Settler leaders have tried to shake off the idea that they are driven solely by religious belief. They claim that such communities make Israel safer. If the settlers had been allowed to remain in Gaza, it would have been more difficult for Hamas and other militants to stage the October 7 attack.

“Only settlements justify long-term military presence, which in turn guarantees security,” said Brig. General Amir Avivi, former deputy commander of the Gaza Division and now chairman of the Israel Defense and Security Forum, a right-wing institution.

Many Israelis disagree. “The settlements there posed a security risk,” said Omer Zanany, a security expert at a foreign policy research group, the Mitvim Institute and the Berl Katznelson Foundation. “Israeli forces had to escort children to kindergartens and schools.”

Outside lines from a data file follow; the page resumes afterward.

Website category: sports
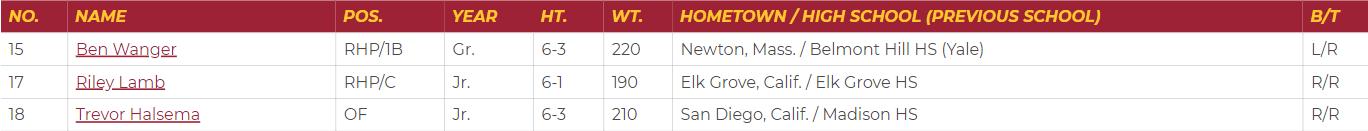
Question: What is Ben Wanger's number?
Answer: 15

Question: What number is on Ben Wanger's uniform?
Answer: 15

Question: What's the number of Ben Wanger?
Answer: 15

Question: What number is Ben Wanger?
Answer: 15

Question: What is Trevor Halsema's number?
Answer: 18

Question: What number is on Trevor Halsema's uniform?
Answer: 18

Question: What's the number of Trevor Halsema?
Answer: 18

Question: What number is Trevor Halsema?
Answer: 18

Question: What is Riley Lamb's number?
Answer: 17

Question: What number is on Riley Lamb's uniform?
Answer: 17

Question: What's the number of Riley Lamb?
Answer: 17

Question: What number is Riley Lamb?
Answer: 17

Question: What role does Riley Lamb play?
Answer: RHP/C

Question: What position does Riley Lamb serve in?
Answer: RHP/C

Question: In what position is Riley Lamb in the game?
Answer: RHP/C

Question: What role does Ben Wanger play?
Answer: RHP/1B

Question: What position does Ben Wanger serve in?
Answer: RHP/1B

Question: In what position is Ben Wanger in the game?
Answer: RHP/1B

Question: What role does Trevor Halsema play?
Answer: OF

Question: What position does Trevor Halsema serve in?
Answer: OF

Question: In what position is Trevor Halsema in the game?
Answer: OF

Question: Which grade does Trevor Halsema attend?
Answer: Jr.

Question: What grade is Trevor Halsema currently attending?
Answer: Jr.

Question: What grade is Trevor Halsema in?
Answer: Jr.

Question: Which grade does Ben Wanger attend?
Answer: Gr.

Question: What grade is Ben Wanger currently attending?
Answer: Gr.

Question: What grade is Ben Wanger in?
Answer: Gr.

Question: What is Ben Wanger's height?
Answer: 6-3

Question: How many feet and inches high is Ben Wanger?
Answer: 6-3

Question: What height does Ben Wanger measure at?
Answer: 6-3

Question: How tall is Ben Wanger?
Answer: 6-3

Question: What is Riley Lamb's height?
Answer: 6-1

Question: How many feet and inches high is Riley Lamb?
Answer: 6-1

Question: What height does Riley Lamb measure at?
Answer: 6-1

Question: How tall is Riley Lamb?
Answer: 6-1

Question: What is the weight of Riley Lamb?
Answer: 190

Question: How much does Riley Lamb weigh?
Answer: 190

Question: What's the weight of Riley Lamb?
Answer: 190

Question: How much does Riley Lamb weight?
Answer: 190

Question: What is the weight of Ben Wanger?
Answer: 220

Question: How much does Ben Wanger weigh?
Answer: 220

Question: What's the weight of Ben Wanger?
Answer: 220

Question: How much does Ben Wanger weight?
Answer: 220

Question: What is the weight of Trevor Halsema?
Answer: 210

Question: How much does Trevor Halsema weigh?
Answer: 210

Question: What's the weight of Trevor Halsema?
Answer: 210

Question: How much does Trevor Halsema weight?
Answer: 210

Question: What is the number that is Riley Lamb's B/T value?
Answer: R/R

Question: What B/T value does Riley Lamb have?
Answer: R/R

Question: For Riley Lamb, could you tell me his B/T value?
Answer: R/R

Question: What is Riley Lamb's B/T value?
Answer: R/R

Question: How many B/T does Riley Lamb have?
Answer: R/R

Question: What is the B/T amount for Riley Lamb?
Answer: R/R

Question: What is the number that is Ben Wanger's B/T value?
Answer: L/R

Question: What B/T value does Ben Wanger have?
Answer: L/R

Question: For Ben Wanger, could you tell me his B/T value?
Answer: L/R

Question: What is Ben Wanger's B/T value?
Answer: L/R

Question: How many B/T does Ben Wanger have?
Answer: L/R

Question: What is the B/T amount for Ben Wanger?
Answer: L/R

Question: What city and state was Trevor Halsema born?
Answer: San Diego, Calif.

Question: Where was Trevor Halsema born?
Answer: San Diego, Calif.

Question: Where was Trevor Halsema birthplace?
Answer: San Diego, Calif.

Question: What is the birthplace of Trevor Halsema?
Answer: San Diego, Calif.

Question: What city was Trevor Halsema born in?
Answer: San Diego, Calif.

Husam Zomlot, the Palestinians' ambassador to Britain, compared the resettlement to the mass displacement of Palestinians surrounding the area. The creation of Israel in 1948. “The Biden administration could end all of this tomorrow if it stopped protecting, arming and financing not only Israel but its illegal expansion,” he said.

The opposition also extends to some settler leaders. Oded Revivi, the mayor of Efrat, said those who supported resettlement “had no grasp of reality,” adding: “There is no justification for the deportation of Palestinians.”

Although Netanyahu's government does not officially support resettlement, critics fear the idea will gain momentum because Israeli leaders have not proposed a real alternative vision.

“What scares me is that the settler movement is happening on an empty field,” Mr Zanany said. 'No one else is promoting a post-war vision.'

Patrick Kingsley reporting contributed.